Editor----A recent press release from the shores of Great Britain, by a company in the liquor business, maintains the cocktail boom in Britain is seriously underestimated. So what is the boom and how is it so major that it is said to be so?
According to Cellar Trends, it is said that cocktail drinking in the UK is increasing, with folks turning from wine and beer to Pina Coladas, Mojitos and Cosmopolitans. It has been reported by Cellar Trends that cocktail drinking is four or five times more widespread than thought previously. The company expects the trend to continue.
The research referred to by Cellar Trends maintains that cocktails “present a challenge to some outlets such as pubs which are newcomers to coctails and may lack experienced staff. The need to serve simple consistent cocktails will drive sales of pre-mixed cocktails by around 15% a year over the next five years.”
Terry Barker, Director of Marketing at Cellar Trends, says: “The size and growth of cocktails has been seriously underestimated. Cocktails are now asked for and served in pubs up and down the land where previously it would have been thought too sophisticated.. Cocktails have opened opportunities for pubs to find new drinks income.
He adds: “Curiously restaurants seem slow to take up cocktails – it seems a natural extension for them to serve cocktails as aperitifs and after dinner.”

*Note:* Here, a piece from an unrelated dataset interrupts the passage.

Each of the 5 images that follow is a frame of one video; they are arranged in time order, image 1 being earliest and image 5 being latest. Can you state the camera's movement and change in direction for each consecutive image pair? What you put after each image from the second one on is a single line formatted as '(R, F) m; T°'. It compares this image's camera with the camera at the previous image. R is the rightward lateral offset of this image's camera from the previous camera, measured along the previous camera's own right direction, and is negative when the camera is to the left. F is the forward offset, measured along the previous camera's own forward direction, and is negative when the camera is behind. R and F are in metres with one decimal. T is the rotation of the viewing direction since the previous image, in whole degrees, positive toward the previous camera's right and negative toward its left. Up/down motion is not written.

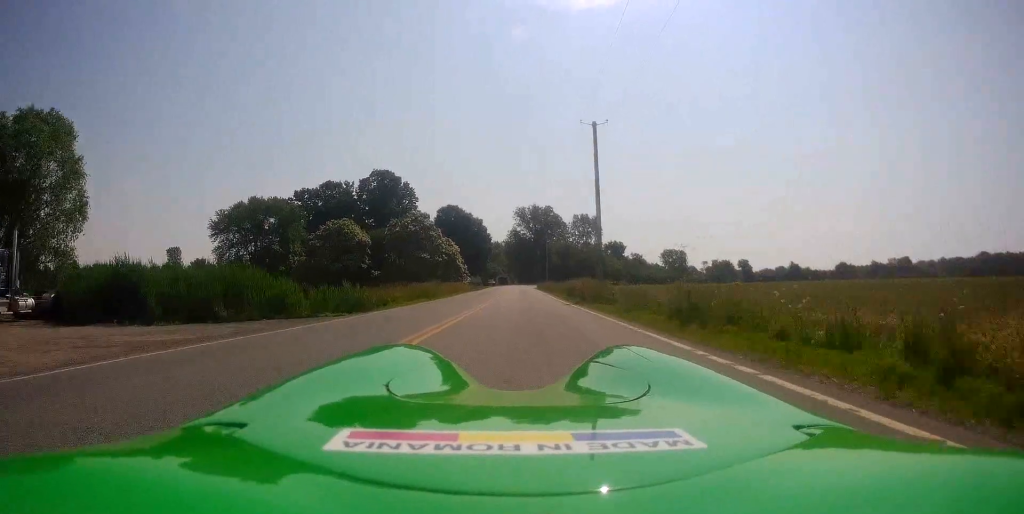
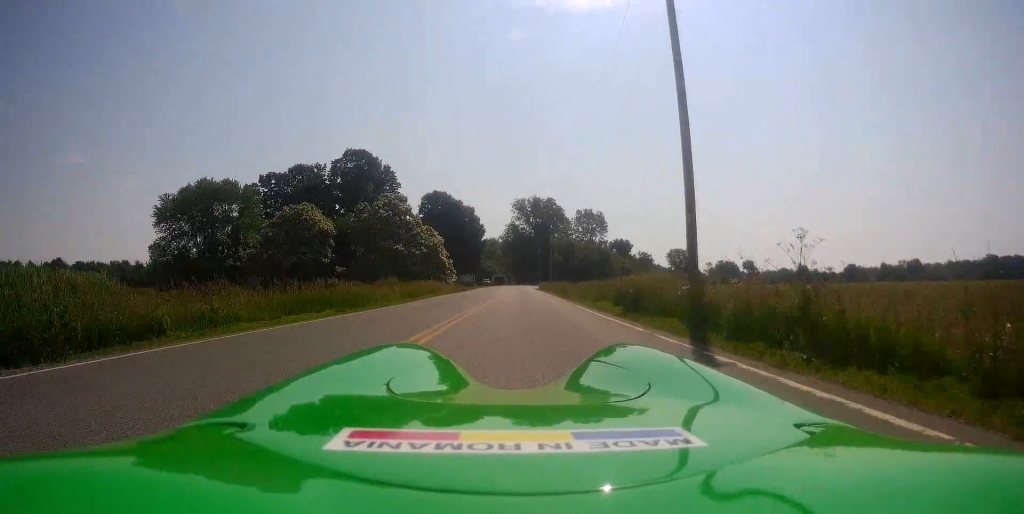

In May 2013 The Guardian underlined Great Britain's drinking problem with the following introduction, the expanded into the specific details of it. But here is the beginning summation The Guardian used to underline the issue: “Britain has a booze problem. No news there. Mankind has always liked a tipple. The Old Testament, after all, has Noah passing out drunk. Midas, the ancient king of Phrygia, liked the sauce so much he took his drinking vessels to the grave with him. Shakespeare has Falstaff extolling wine's "curdy vapours" and its "nimble fiery" that so warms the blood.
So what's the problem? Nothing. Excessive alcohol consumption is fine – just as long as you don't mind potentially curtailing your life through liver damage, hepatitis, osteoporosis, or a host of other possible maladies. Oh, and best ignore the costs to family life, plus the burden on public health and social services too.
This all sounds very dramatic, until you take a look at the facts.”
And one of those facts is that the drinking problem is likely to continue, as The Guardian observes how bingeing is a problem among youth and Brits denying there is a problem at all with alcohol.
So as the liquor industry celebrates expansion of its product, the fact of alcohol consumption highlighted as a problem on the one hand and celebrated on the other remains a facet of what Britons face with the subject of booze.